Based on current average market rent for Class A and Class B properties in the greater downtown Denver area, an organization will spend $7,532 per employee per year on real estate, according to Tributary Real Estate (2021). Your real estate investment strategy should focus on creating the most intentional space possible. Consider all the ways designing a space can benefit your employees. Thoughtful additions can help communicate to your employees that you trust and value them while acknowledging and respecting that they are humans first.
Questions to ask yourself to evaluate the usability of your space over the last several months:
- Are you satisfied with how your space is being used?
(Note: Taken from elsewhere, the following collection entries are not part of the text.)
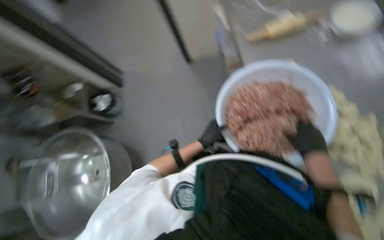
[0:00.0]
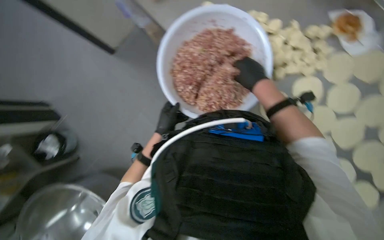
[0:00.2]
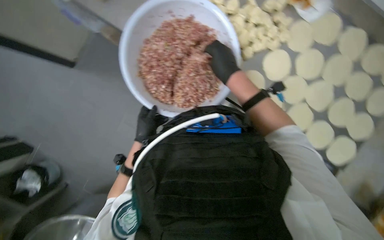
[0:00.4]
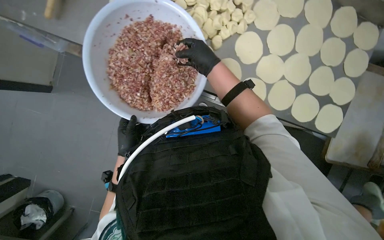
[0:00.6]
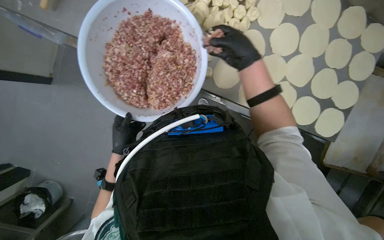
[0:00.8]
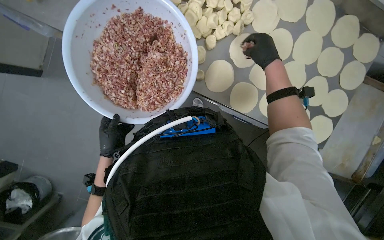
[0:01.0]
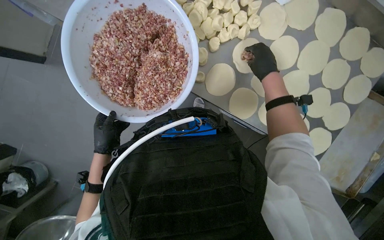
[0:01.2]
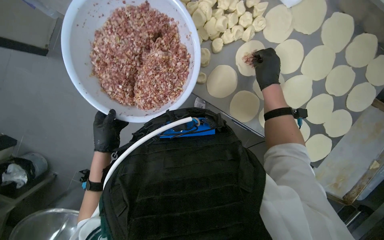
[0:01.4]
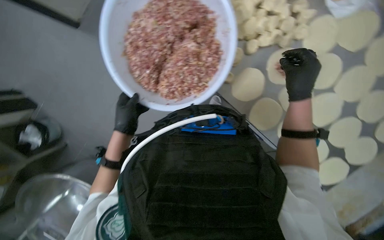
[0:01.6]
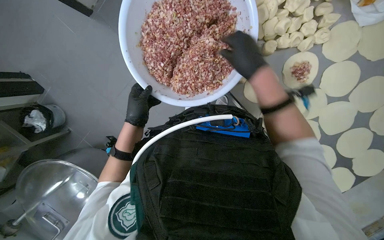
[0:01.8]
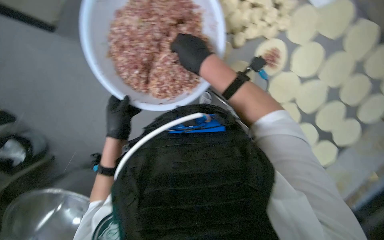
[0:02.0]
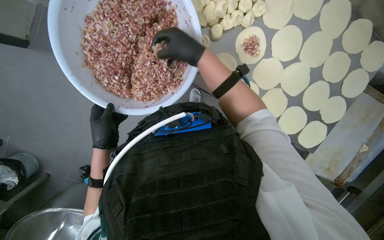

- Is there a way for you to maximize your investment while ensuring you have a space that helps your workforce thrive?
Remember: You’re not alone. There are thousands of people sorting through similar thoughts, challenges and griefs right now. It’s important to remember that YOU are also human first. Be sensitive to your own needs and vulnerabilities right now. Put your oxygen mask on before you try to help your employees. And remember that there is help – there are experts out there who can help you shape your company culture, build trust among employees, and design a space that demonstrates trust and humanity.
It doesn’t matter when you return to your office – the opportunity you have as a leader is in answering this question: What does trust look like in my company and how does it translate into our office?
Now is the time to explore building more trusting relationships across your organization to ensure the satisfaction, inspiration and productivity of your people.